Restated and Amended Articles of Incorporation
December 5, 2012
ARTICLE I. Name
The name of this corporation is the “Cal Poly Corporation.”
ARTICLE II. Purposes
- This corporation is a nonprofit public benefit corporation and is not organized for the private gain of any person. It is organized under the Nonprofit Public Benefit Corporation Law for charitable purposes.
- The charitable purposes for which this corporation is organized and will be operated exclusively are to perform the functions of, and to carry out the mission and educational programs that benefit California Polytechnic State University, San Luis Obispo. This corporation is organized exclusively for charitable purposes within the meaning of §501(c)(3) of the Internal Revenue Code of 1986, as amended.
- The foregoing provisions shall be construed as both purposes and powers, but no recitation, expression or declaration of specific or special powers or purposes herein enumerated shall be deemed to be exclusive, and it is hereby expressly declared that all other lawful powers not inconsistent herewith are hereby included.
ARTICLE III. Exempt Status and Limitation of Activities
- This corporation is organized and operated exclusively for the charitable purposes described in Article II, and it shall be nonprofit and nonpartisan.
- Nothing in Article II shall be construed as allowing the Cal Poly Corporation to carry on any other activities not permitted to be carried on (1) by a corporation exempt from federal income tax under §501(c)(3) of the Internal Revenue Code of 1986, as amended, or (2) by corporation contributions which are deductible under §§170(c)(2), 2055(a)(2), 2106(a)(2)(A)(ii), 2522(a)(2), or 2522(b)(2) of the Internal Revenue Code.
- No substantial part of the activities of this corporation shall consist of carrying on propaganda, or otherwise attempting to influence legislation, and the Cal Poly Corporation shall not participate or intervene in any political campaign (including the publishing or distribution of statements) on behalf of, or in opposition to, any candidate for public office.
ARTICLE IV. Principal Office
The principal office for the transaction of the business of the corporation will be located in the County of San Luis Obispo, State of California.

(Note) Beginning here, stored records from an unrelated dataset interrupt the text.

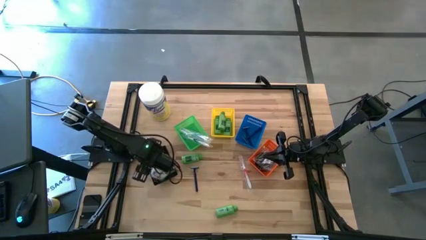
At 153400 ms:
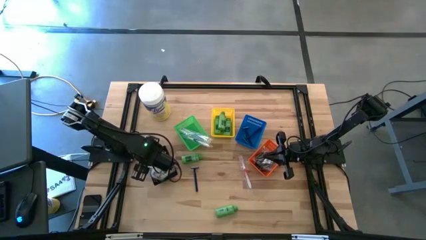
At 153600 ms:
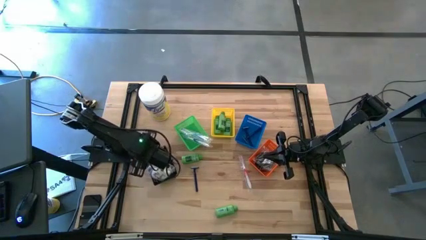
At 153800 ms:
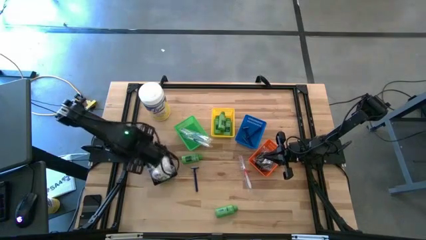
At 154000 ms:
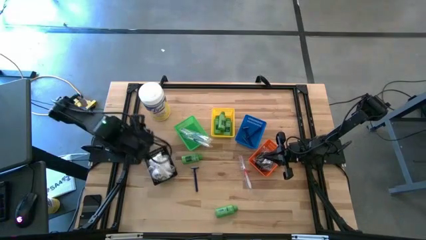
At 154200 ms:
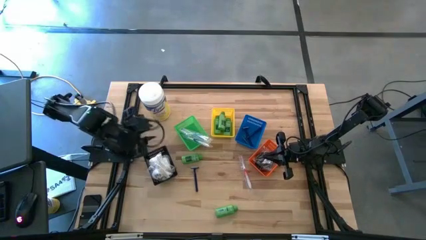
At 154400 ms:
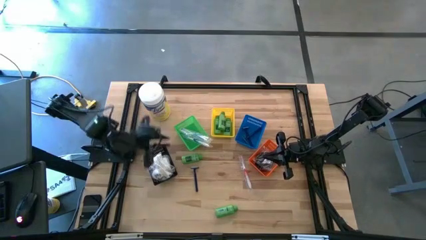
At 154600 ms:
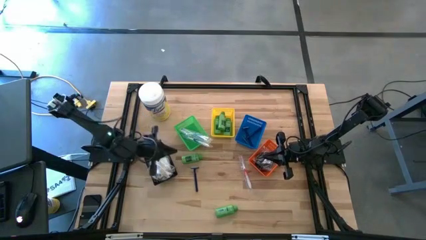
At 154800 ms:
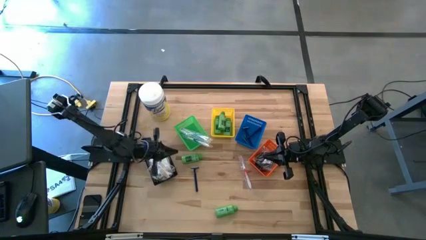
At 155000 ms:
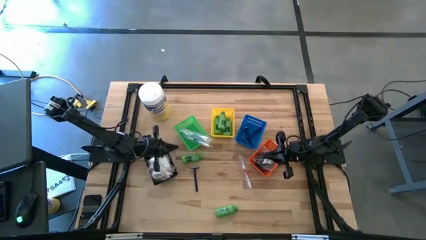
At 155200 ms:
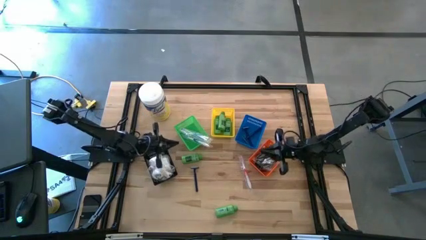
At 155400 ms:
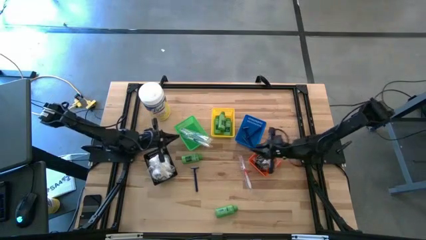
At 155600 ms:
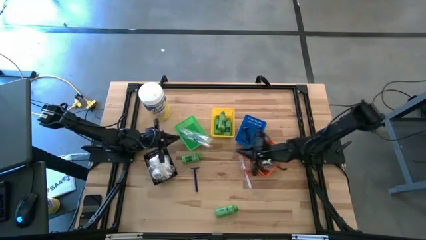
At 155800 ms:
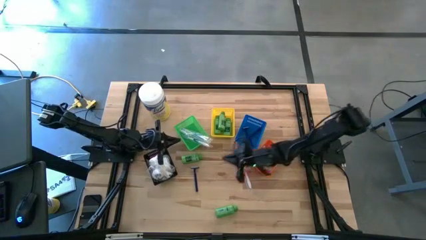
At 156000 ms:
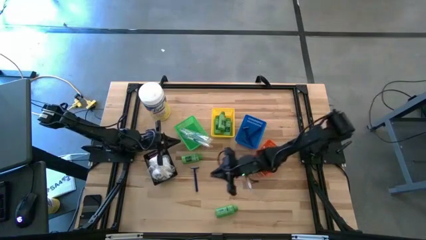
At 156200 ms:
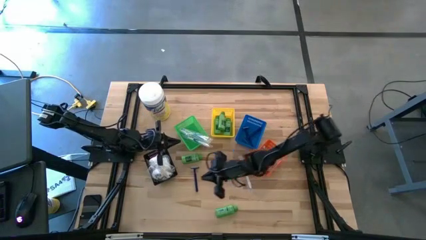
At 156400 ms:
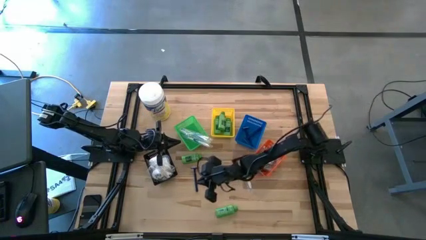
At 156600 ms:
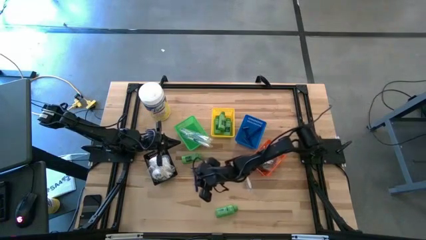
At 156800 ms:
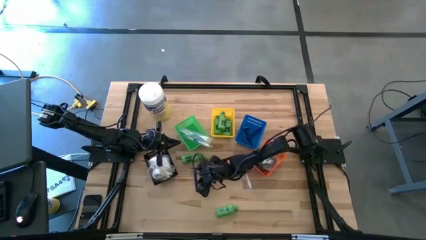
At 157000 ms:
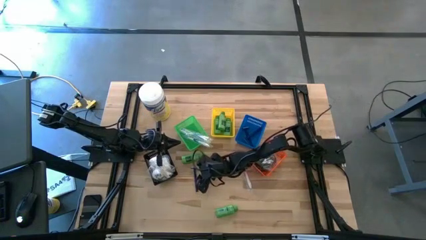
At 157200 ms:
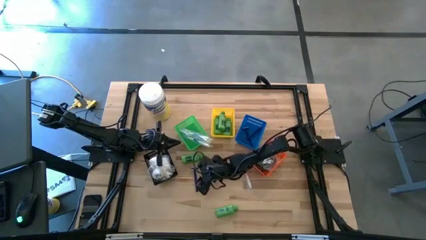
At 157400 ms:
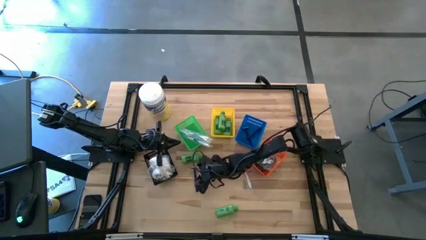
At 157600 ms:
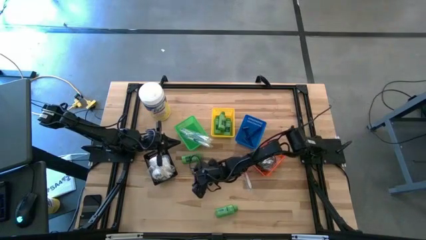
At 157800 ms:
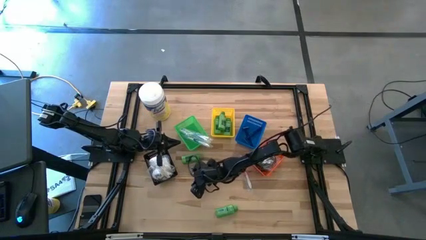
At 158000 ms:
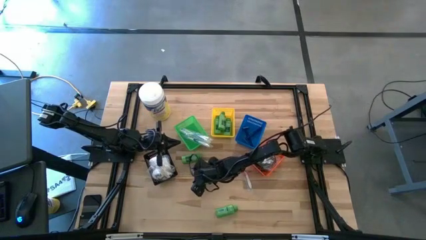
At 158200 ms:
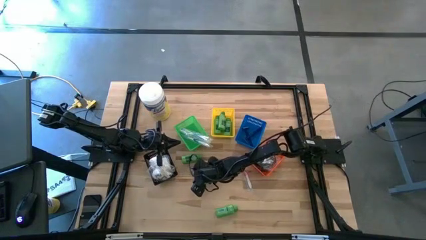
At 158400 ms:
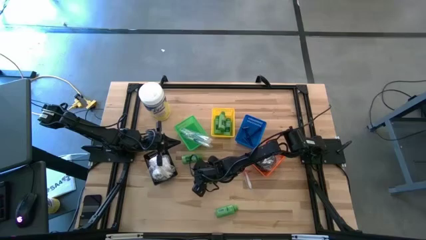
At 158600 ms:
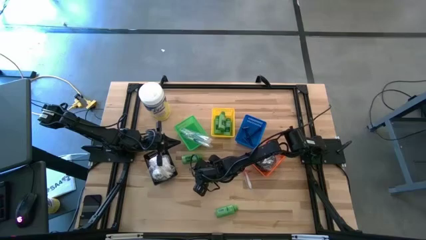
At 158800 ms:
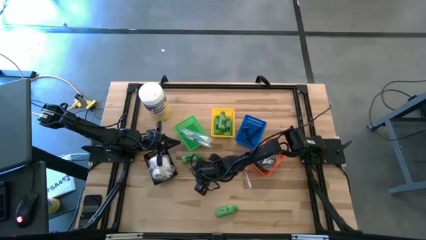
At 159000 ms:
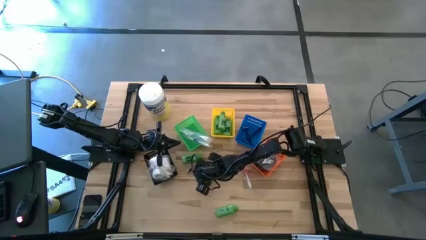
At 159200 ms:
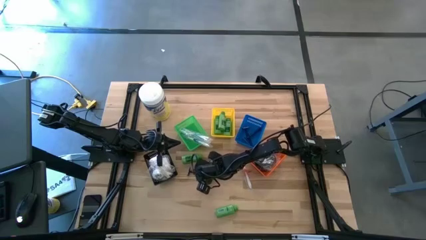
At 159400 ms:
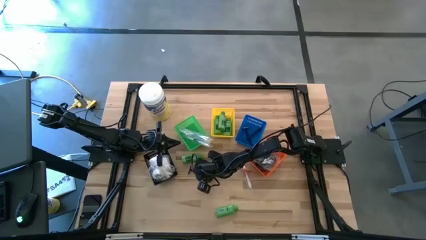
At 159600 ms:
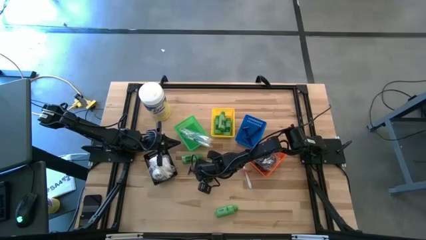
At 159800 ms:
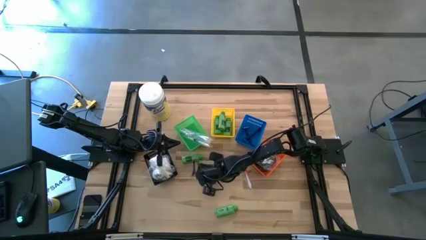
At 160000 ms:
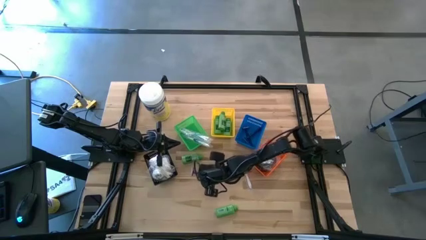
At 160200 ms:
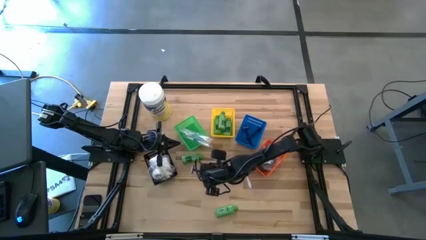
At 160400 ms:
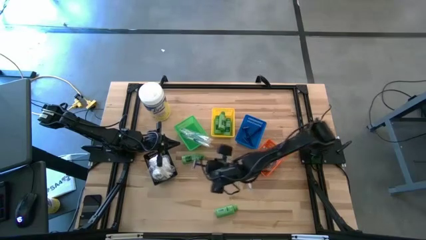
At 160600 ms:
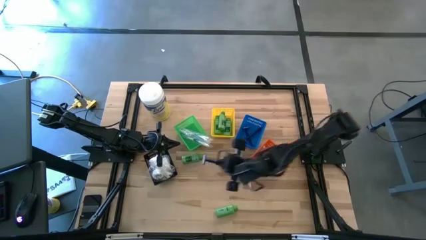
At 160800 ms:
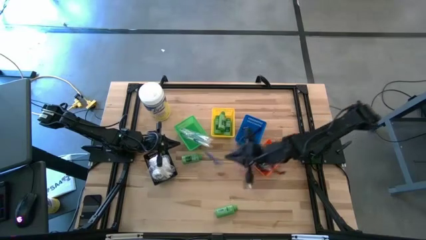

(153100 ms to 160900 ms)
Task: Pick & Place Travel size toiletries
Put the razor into the blue bin

ARTICLE V. Dedication and Dissolution
- The property of this corporation is irrevocably dedicated to charitable purposes. No part of the net income or assets of this corporation shall ever inure to the benefit of its directors or officers, or to any private person, except that the Cal Poly Corporation is authorized and empowered to pay reasonable compensation for services rendered and to make payments and distributions in furtherance of the purposes set forth in Article II.

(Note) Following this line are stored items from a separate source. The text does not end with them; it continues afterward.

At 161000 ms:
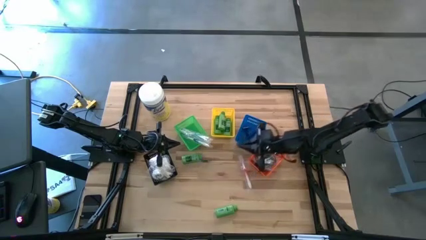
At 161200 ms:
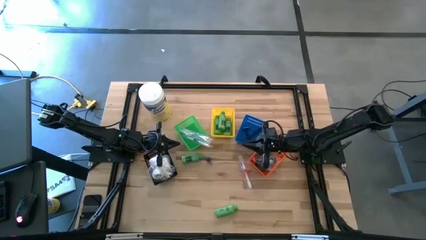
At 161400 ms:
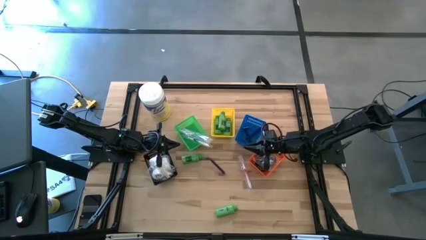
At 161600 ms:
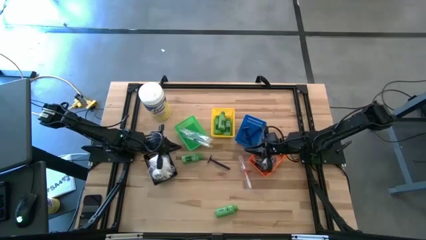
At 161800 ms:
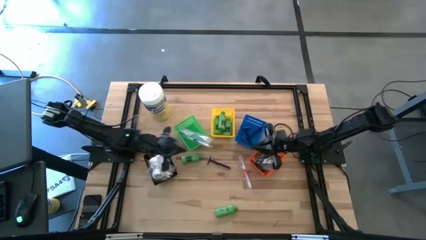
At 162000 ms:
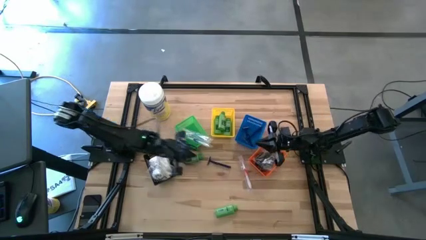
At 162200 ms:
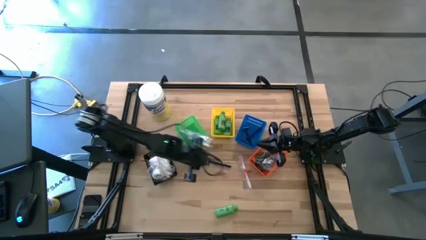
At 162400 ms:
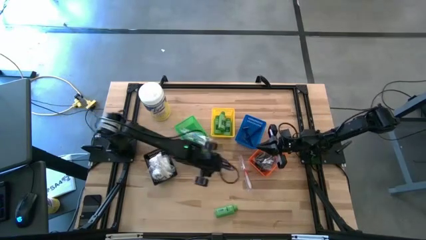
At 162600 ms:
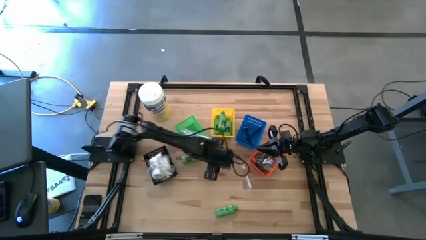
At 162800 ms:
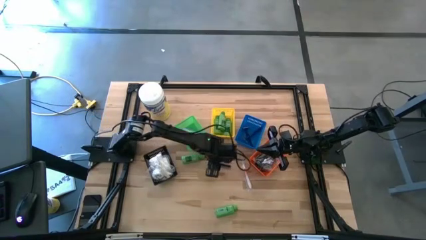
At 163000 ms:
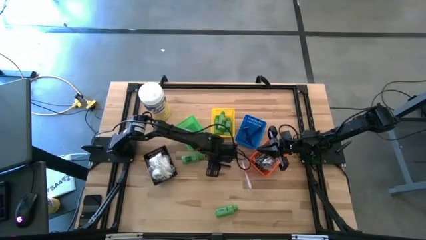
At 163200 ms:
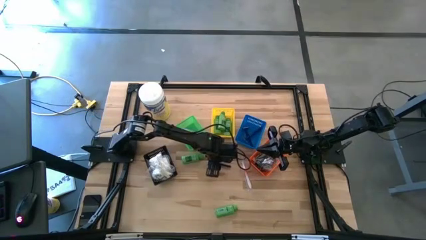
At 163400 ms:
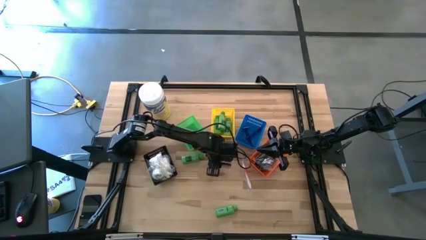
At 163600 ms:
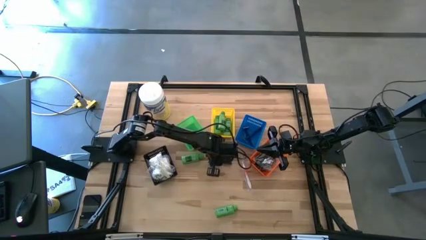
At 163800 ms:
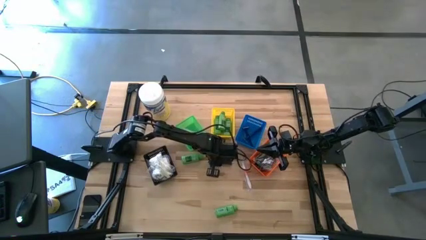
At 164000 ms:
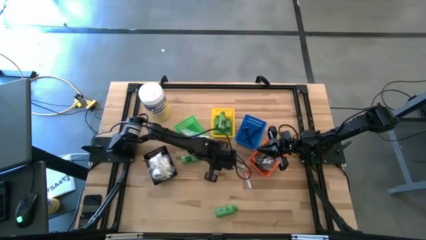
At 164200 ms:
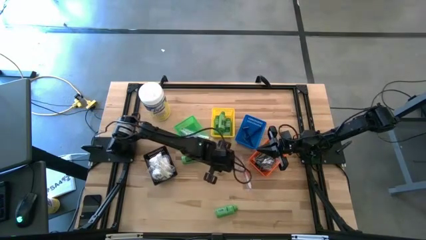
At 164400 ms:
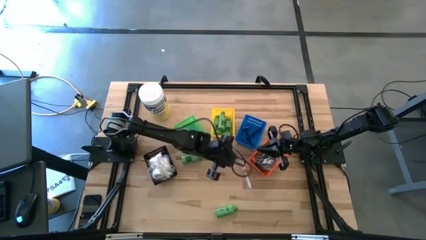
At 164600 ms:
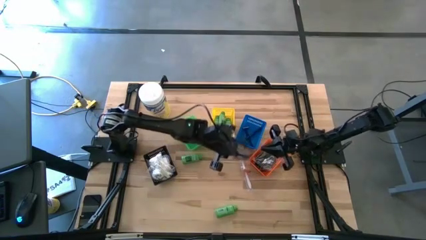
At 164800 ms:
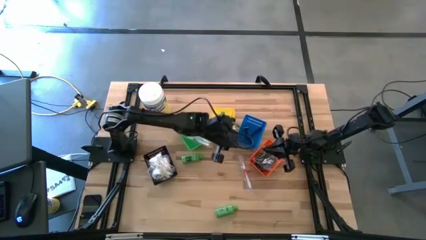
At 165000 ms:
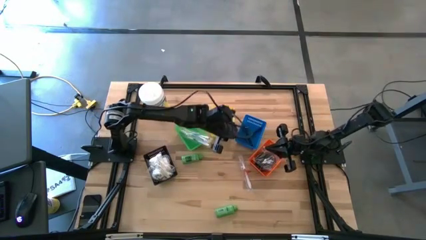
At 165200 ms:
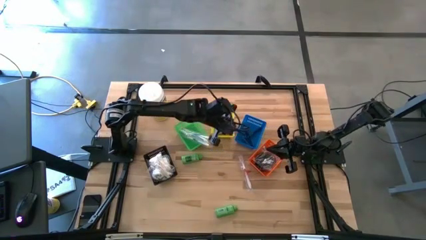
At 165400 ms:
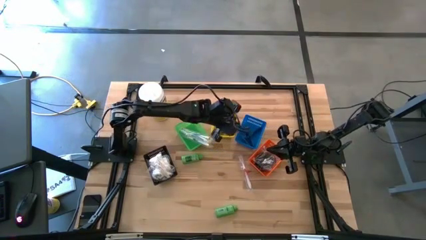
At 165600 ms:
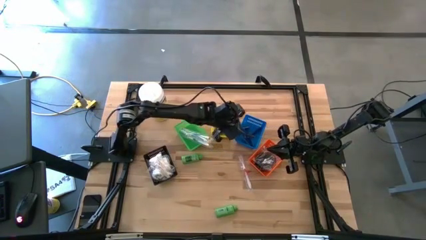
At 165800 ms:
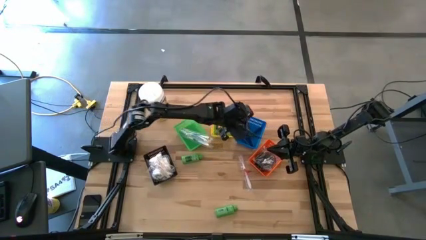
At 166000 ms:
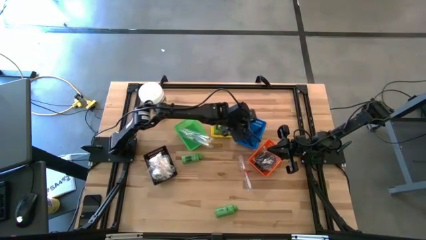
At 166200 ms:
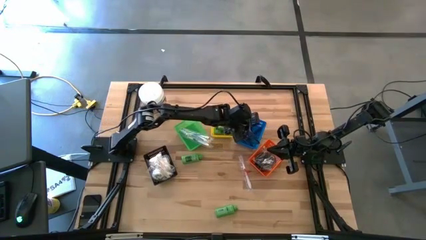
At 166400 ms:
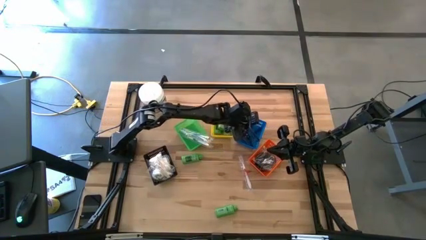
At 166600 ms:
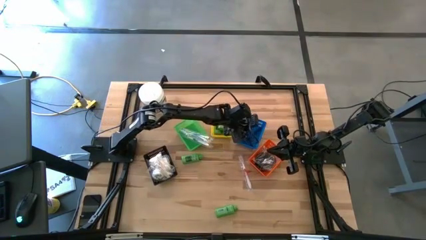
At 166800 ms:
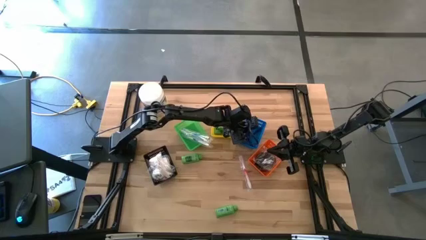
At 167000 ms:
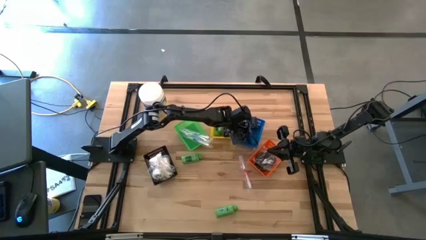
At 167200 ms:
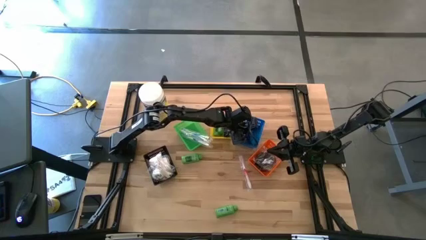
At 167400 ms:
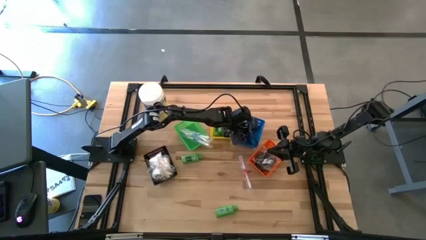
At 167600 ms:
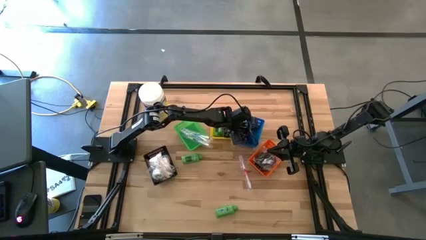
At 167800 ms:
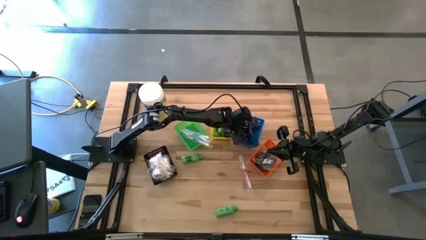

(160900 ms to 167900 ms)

- Upon dissolution or winding up of this corporation, net assets remaining after payment, or provision for payment, of all debts and liabilities of this corporation, other than trust funds shall be distributed to one or more nonprofit corporations organized and operated for the benefit of the California Polytechnic State University as approved by the President of the University and by the Chancellor of California State University. Such nonprofit corporation or corporations must be qualified for Federal income tax exemption under §501(c)(3) of the Internal Revenue Code of 1986, as amended, and have established its tax exempt status under §23701d of the California Revenue and Taxation Code, as amended, be organized and operated exclusively for charitable or educational purposes, and meet the requirement for exemption specified in §214 of the California Revenue and Taxation Code.
ARTICLE VI. Amendment
The Articles of Incorporation of this corporation shall be amended only by the two-thirds vote of a majority of the qualified directors then in office, subject to the approval of the President of California Polytechnic State University.
Amended Article V(b) 11-5-12
Restated and Amended Articles of Incorporation 9-23-11, changing “Board of Trustees” to “Chancellor”
Approved December 5, 2012, at San Luis Obispo, California.